_RECORDS PROVIDED_.

::::

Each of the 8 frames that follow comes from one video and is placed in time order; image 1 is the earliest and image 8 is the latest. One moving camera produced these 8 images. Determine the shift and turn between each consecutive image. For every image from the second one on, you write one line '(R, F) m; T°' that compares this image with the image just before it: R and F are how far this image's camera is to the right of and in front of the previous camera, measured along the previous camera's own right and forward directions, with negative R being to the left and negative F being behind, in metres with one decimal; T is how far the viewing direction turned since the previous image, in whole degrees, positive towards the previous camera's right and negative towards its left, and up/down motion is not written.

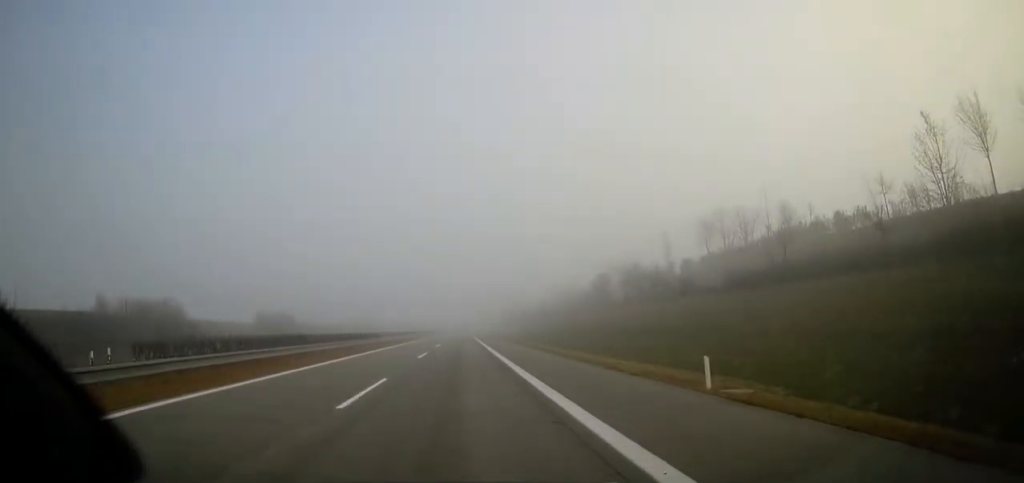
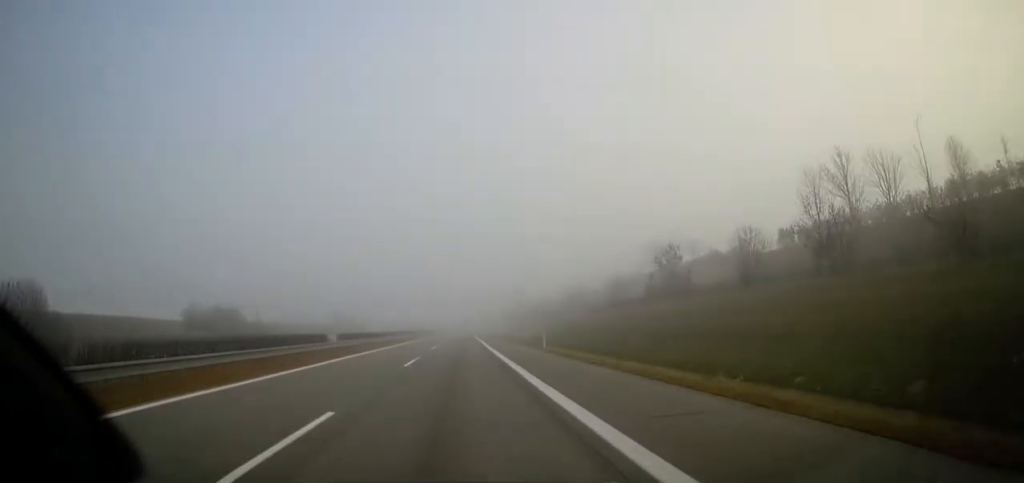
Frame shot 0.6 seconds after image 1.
(0.0, +24.4) m; 0°
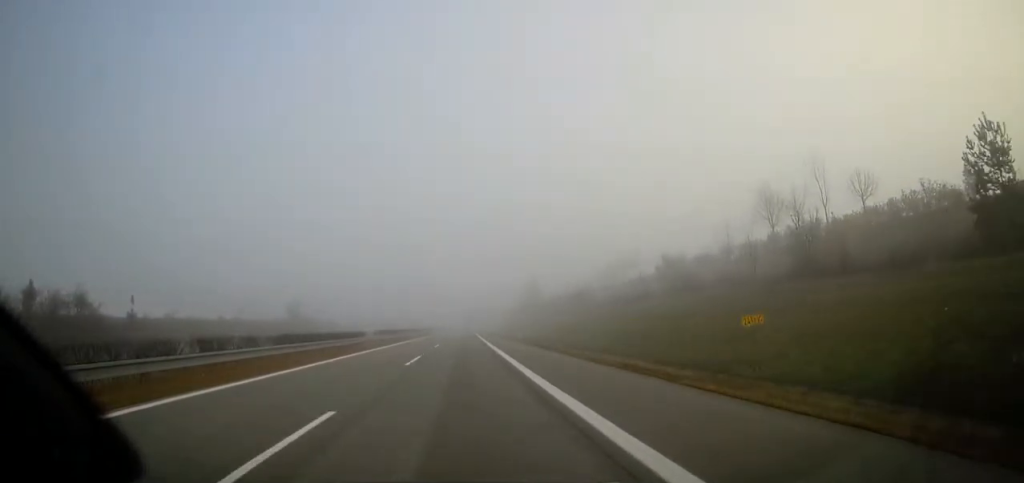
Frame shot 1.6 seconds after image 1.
(0.0, +35.8) m; 0°
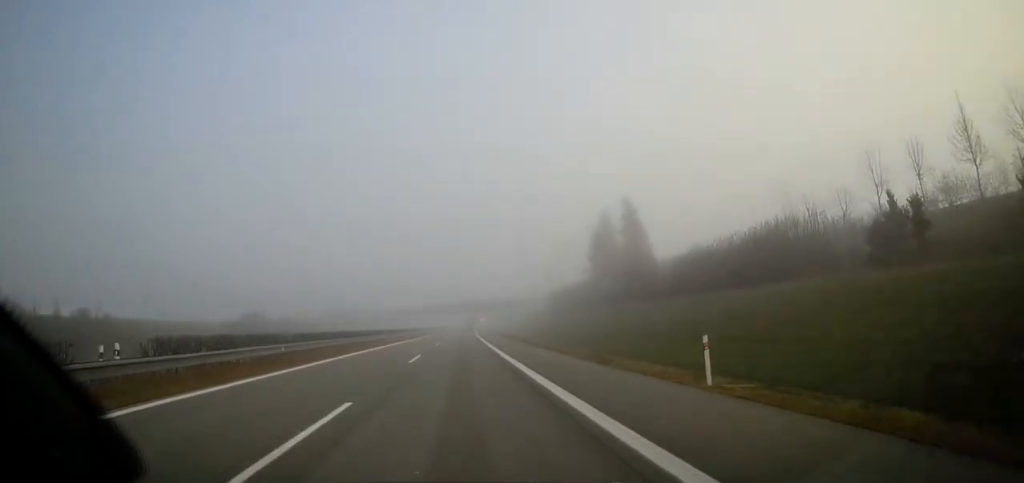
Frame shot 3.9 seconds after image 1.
(+0.8, +88.2) m; +1°
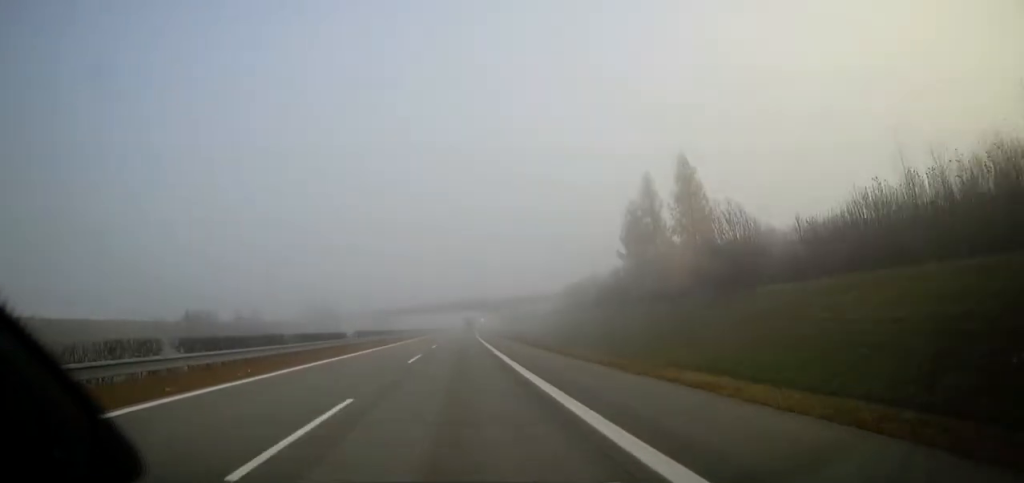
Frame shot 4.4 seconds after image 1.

::::

_TASK GOAL_. Output the listing above exactly as it stands; no picture should appear.

_ANSWER SPACE_.
Each of the 8 frames that follow comes from one video and is placed in time order; image 1 is the earliest and image 8 is the latest. One moving camera produced these 8 images. Determine the shift and turn between each consecutive image. For every image from the second one on, you write one line '(R, F) m; T°' that compares this image with the image just before it: R and F are how far this image's camera is to the right of and in front of the previous camera, measured along the previous camera's own right and forward directions, with negative R being to the left and negative F being behind, in metres with one decimal; T is how far the viewing direction turned since the previous image, in whole degrees, positive towards the previous camera's right and negative towards its left, and up/down motion is not written.

Frame shot 0.6 seconds after image 1.
(0.0, +24.4) m; 0°
Frame shot 1.6 seconds after image 1.
(0.0, +35.8) m; 0°
Frame shot 3.9 seconds after image 1.
(+0.8, +88.2) m; +1°
Frame shot 4.4 seconds after image 1.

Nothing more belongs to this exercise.